Problem description - Copy the data that follows exactly as it is, excluding all pictures.

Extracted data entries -
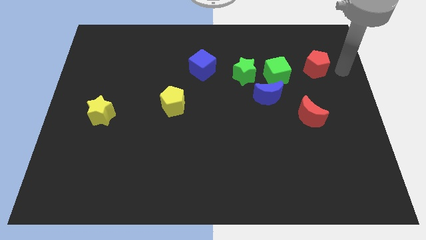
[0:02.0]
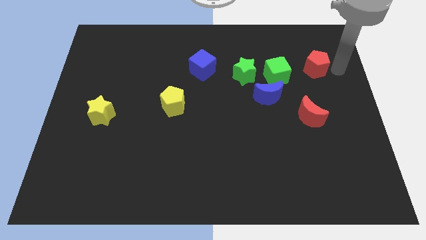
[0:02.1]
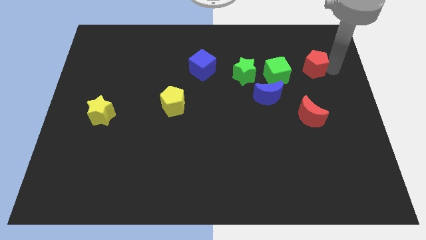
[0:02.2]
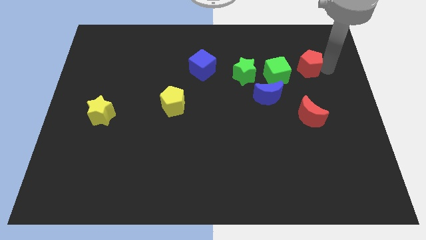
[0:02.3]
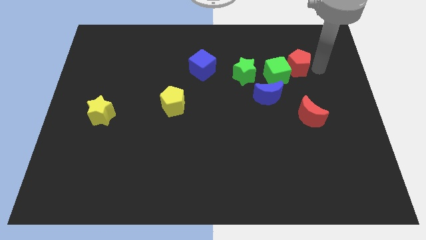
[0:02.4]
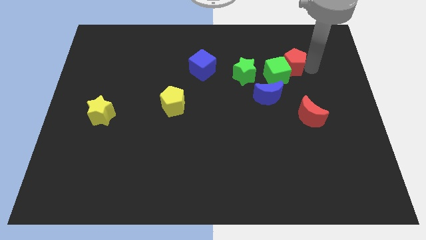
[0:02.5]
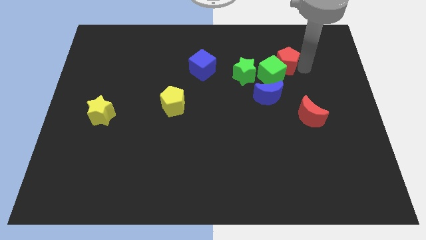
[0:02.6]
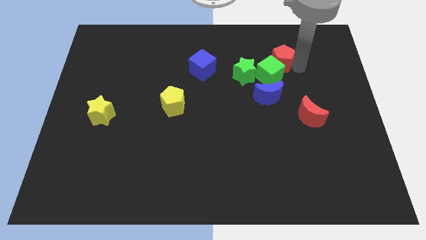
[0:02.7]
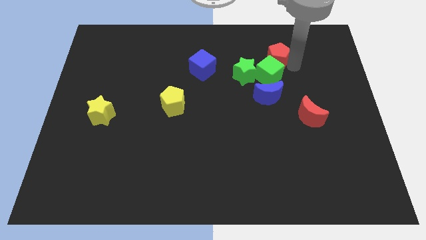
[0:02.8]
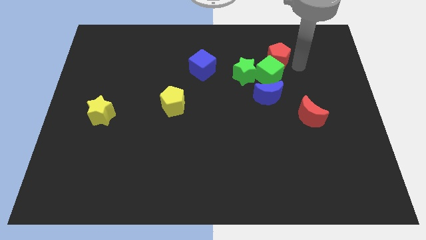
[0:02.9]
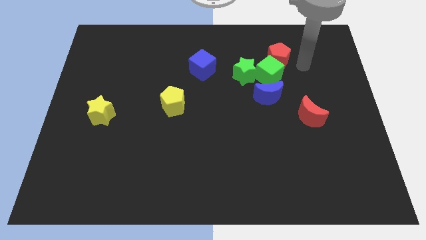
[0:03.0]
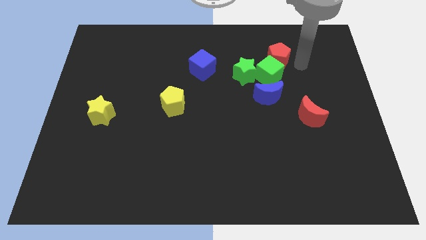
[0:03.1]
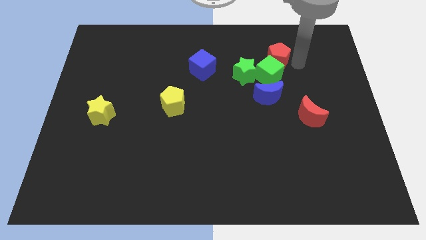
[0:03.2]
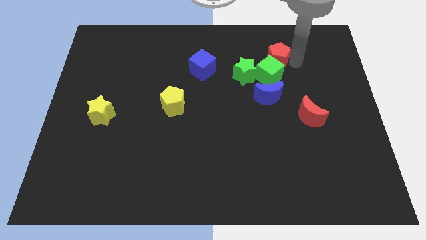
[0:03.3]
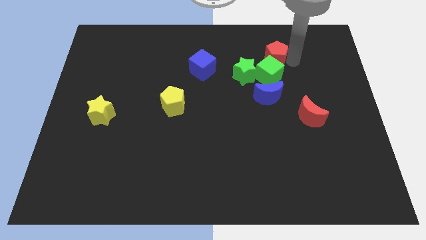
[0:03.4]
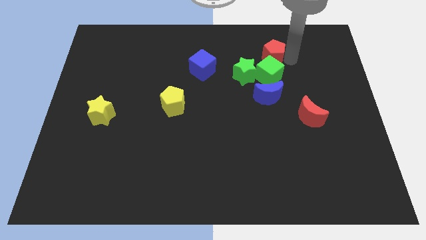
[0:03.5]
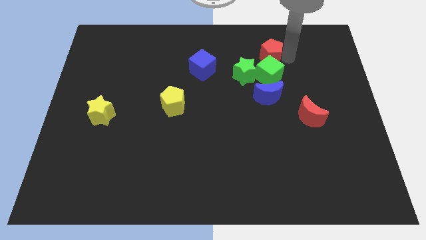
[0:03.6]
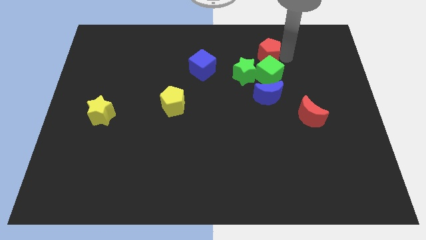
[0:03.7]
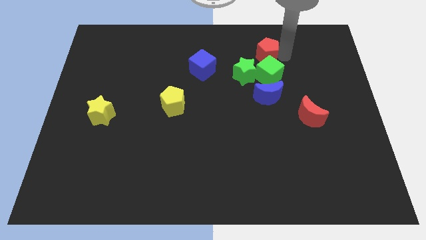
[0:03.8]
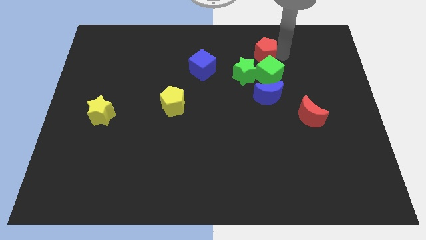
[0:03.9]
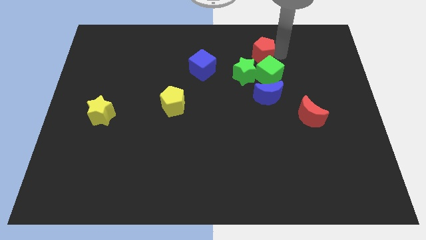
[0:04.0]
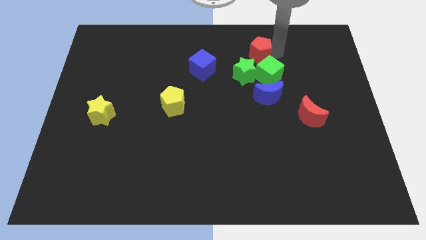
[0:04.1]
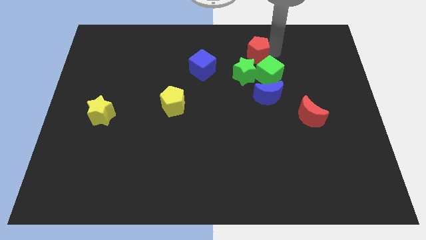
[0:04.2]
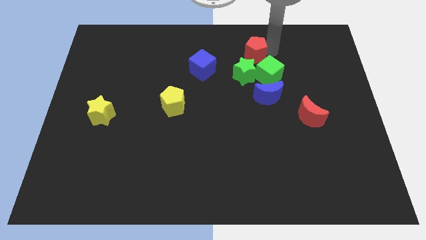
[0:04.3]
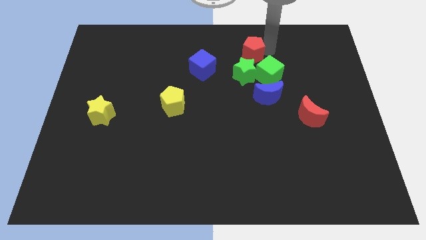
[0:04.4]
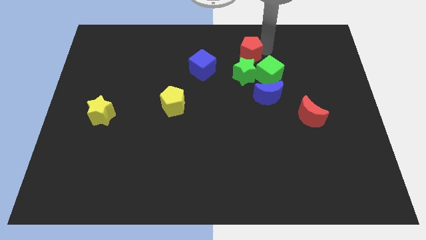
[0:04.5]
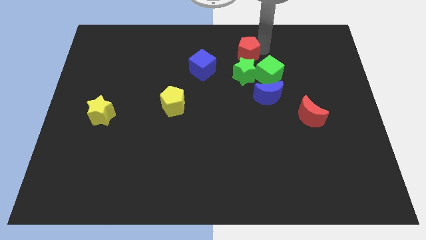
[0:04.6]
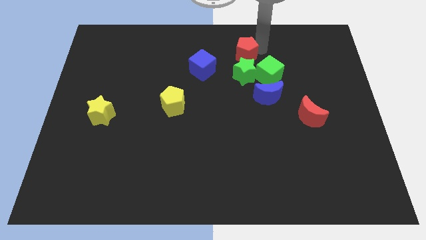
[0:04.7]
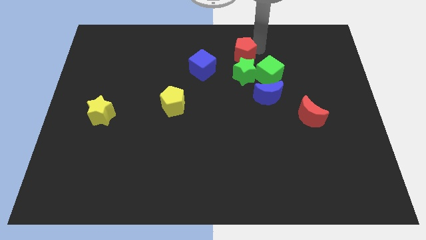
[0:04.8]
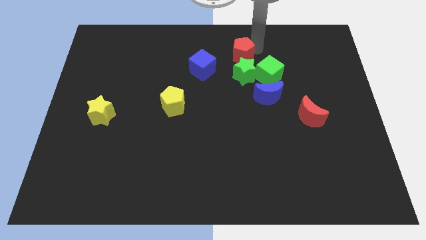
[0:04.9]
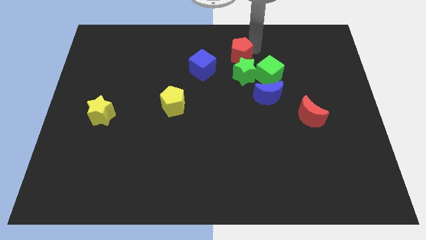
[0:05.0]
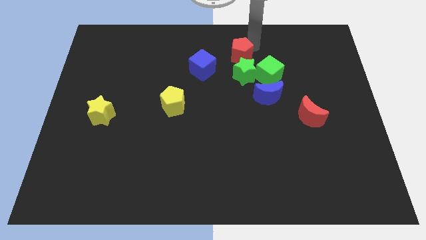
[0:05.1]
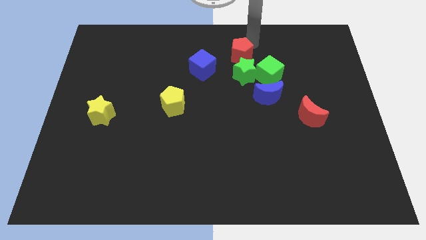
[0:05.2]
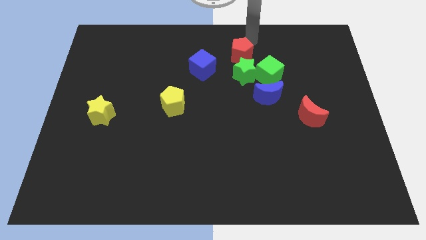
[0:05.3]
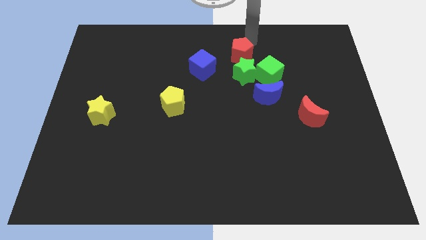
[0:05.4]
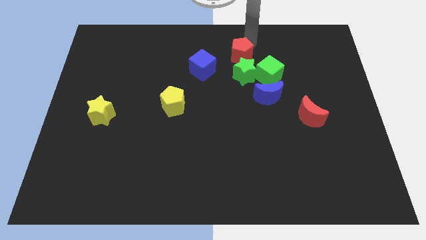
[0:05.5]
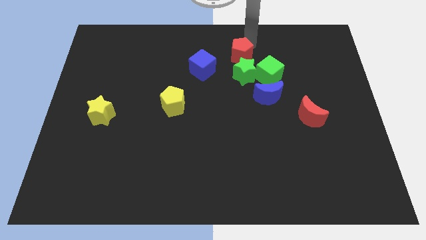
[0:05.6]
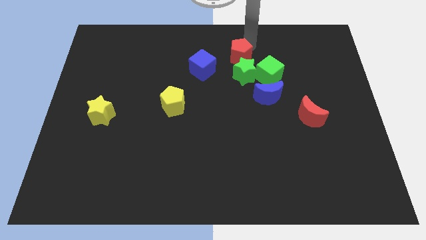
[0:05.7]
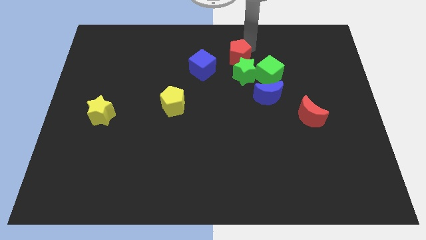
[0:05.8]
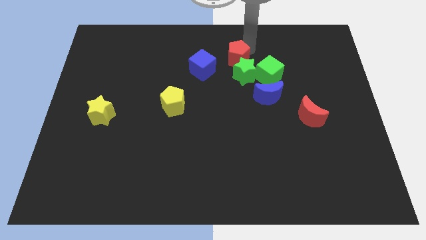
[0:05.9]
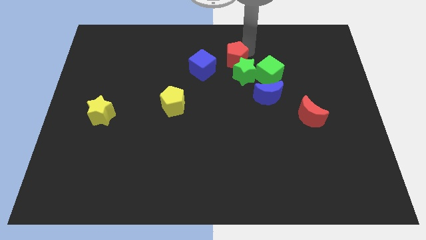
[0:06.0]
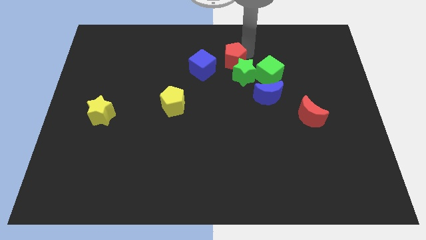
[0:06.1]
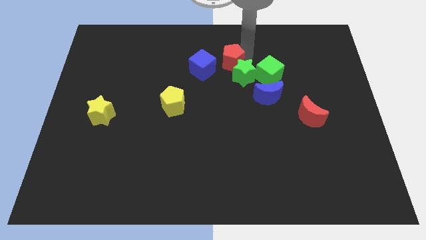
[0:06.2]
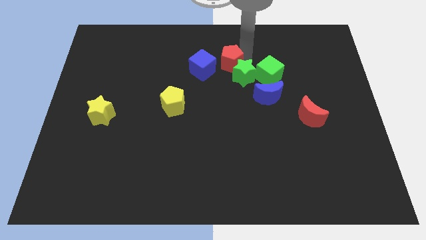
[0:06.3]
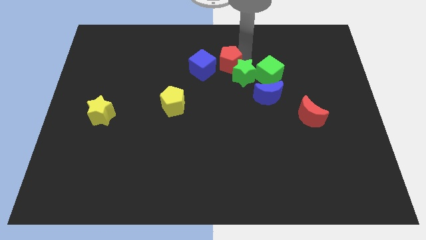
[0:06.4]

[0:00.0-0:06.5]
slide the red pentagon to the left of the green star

Result for this task -
[0:02.0]
[0:02.1]
[0:02.2]
[0:02.3]
[0:02.4]
[0:02.5]
[0:02.6]
[0:02.7]
[0:02.8]
[0:02.9]
[0:03.0]
[0:03.1]
[0:03.2]
[0:03.3]
[0:03.4]
[0:03.5]
[0:03.6]
[0:03.7]
[0:03.8]
[0:03.9]
[0:04.0]
[0:04.1]
[0:04.2]
[0:04.3]
[0:04.4]
[0:04.5]
[0:04.6]
[0:04.7]
[0:04.8]
[0:04.9]
[0:05.0]
[0:05.1]
[0:05.2]
[0:05.3]
[0:05.4]
[0:05.5]
[0:05.6]
[0:05.7]
[0:05.8]
[0:05.9]
[0:06.0]
[0:06.1]
[0:06.2]
[0:06.3]
[0:06.4]

[0:00.0-0:06.5]
slide the red pentagon to the left of the green star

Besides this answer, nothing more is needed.